=== Section Start ===
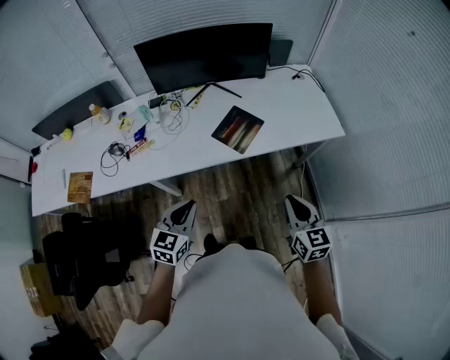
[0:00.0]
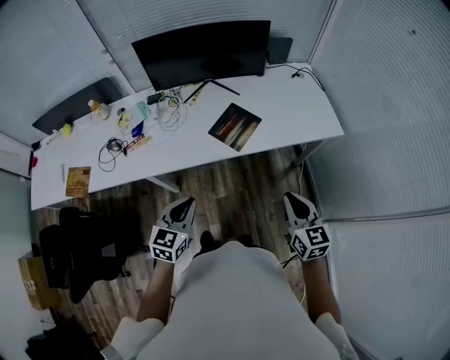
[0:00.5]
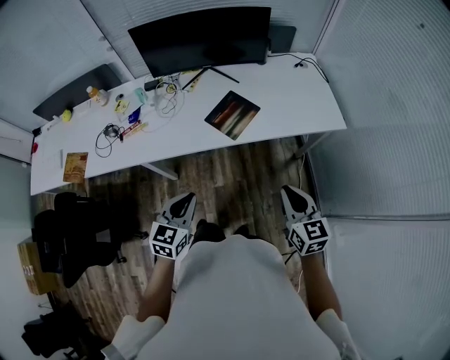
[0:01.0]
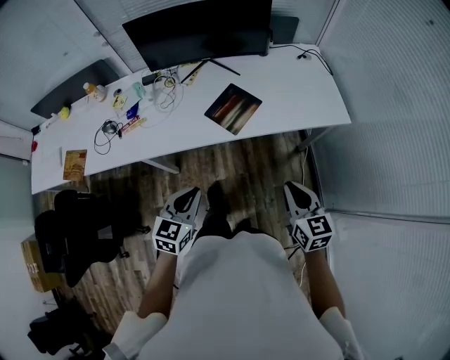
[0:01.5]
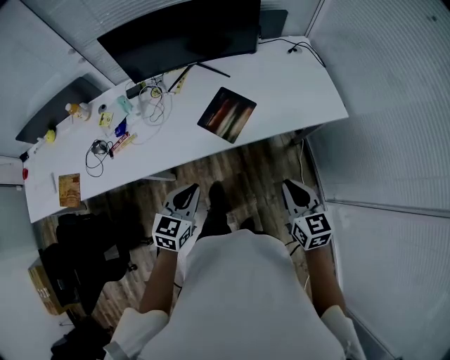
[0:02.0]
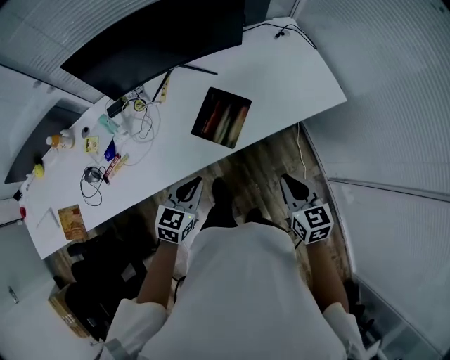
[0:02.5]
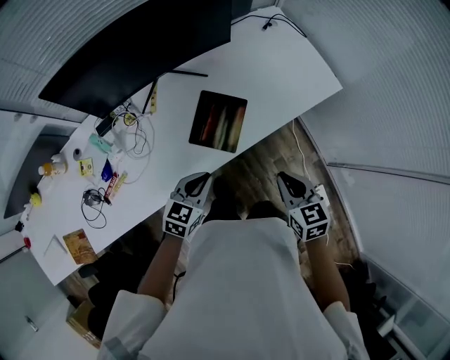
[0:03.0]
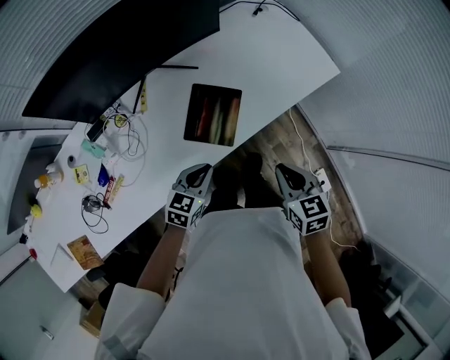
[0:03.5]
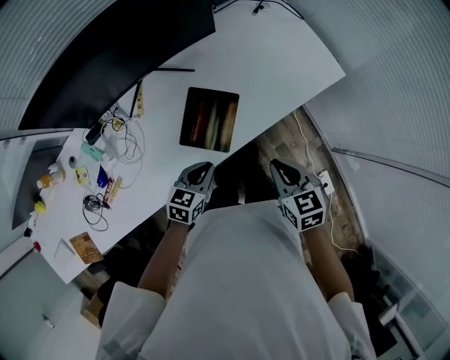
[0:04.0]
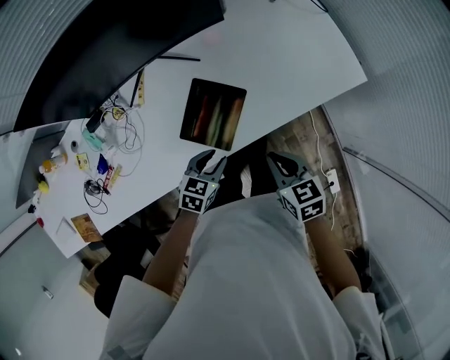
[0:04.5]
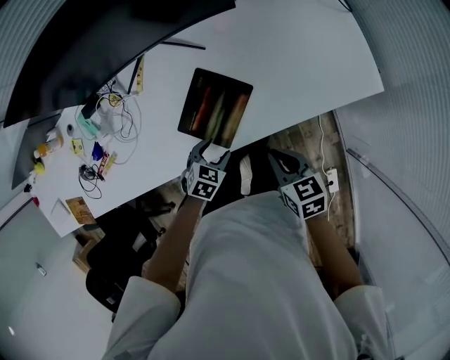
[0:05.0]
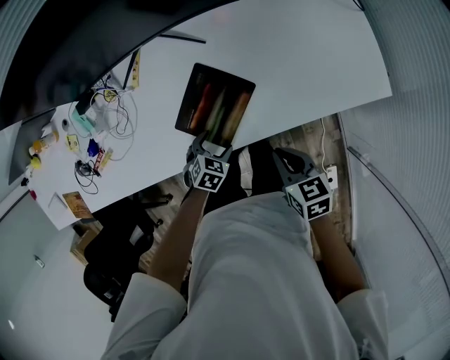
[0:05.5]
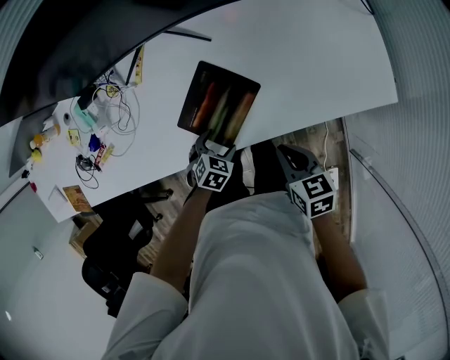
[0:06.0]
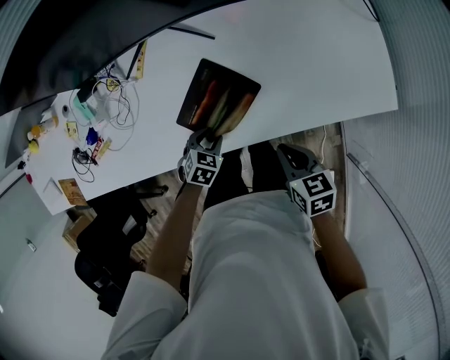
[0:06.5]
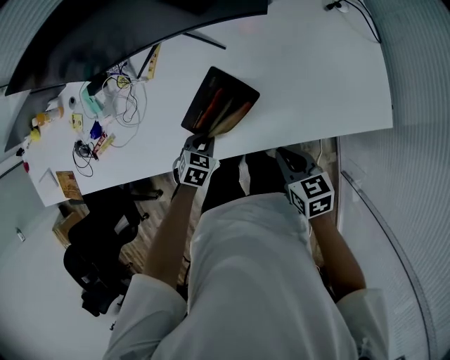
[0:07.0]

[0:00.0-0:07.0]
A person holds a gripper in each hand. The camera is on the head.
0:00.0 to 0:02.0: The left gripper goes some 10 cm forward and to the right, while the right gripper heads forward, covering roughly 5 cm.
0:02.0 to 0:03.5: The right gripper shifts some 15 cm to the left, forward and downward, and turns by approximately 20 degrees, while the left gripper moves forward and downward, approximately 20 cm, and rotates approximately 30 degrees.
0:03.5 to 0:05.0: The left gripper shifts roughly 15 cm downward and to the right, changes its angle by roughly 30 degrees, and opens its fingers; the right gripper moves downward and forward, about 15 cm, and changes its angle by roughly 20 degrees.
0:05.0 to 0:07.0: The left gripper shifts by some 5 cm, and closes, while the right gripper ends up approximately 5 cm from where it was.
=== Section End ===
Could the data above be copied out exactly, with no pictures kept?

[0:00.0]
[0:00.5]
[0:01.0]
[0:01.5]
[0:02.0]
[0:02.5]
[0:03.0]
[0:03.5]
[0:04.0]
[0:04.5]
[0:05.0]
[0:05.5]
[0:06.0]
[0:06.5]
[0:07.0]

[0:00.0-0:07.0]
A person holds a gripper in each hand. The camera is on the head.
0:00.0 to 0:02.0: The left gripper goes some 10 cm forward and to the right, while the right gripper heads forward, covering roughly 5 cm.
0:02.0 to 0:03.5: The right gripper shifts some 15 cm to the left, forward and downward, and turns by approximately 20 degrees, while the left gripper moves forward and downward, approximately 20 cm, and rotates approximately 30 degrees.
0:03.5 to 0:05.0: The left gripper shifts roughly 15 cm downward and to the right, changes its angle by roughly 30 degrees, and opens its fingers; the right gripper moves downward and forward, about 15 cm, and changes its angle by roughly 20 degrees.
0:05.0 to 0:07.0: The left gripper shifts by some 5 cm, and closes, while the right gripper ends up approximately 5 cm from where it was.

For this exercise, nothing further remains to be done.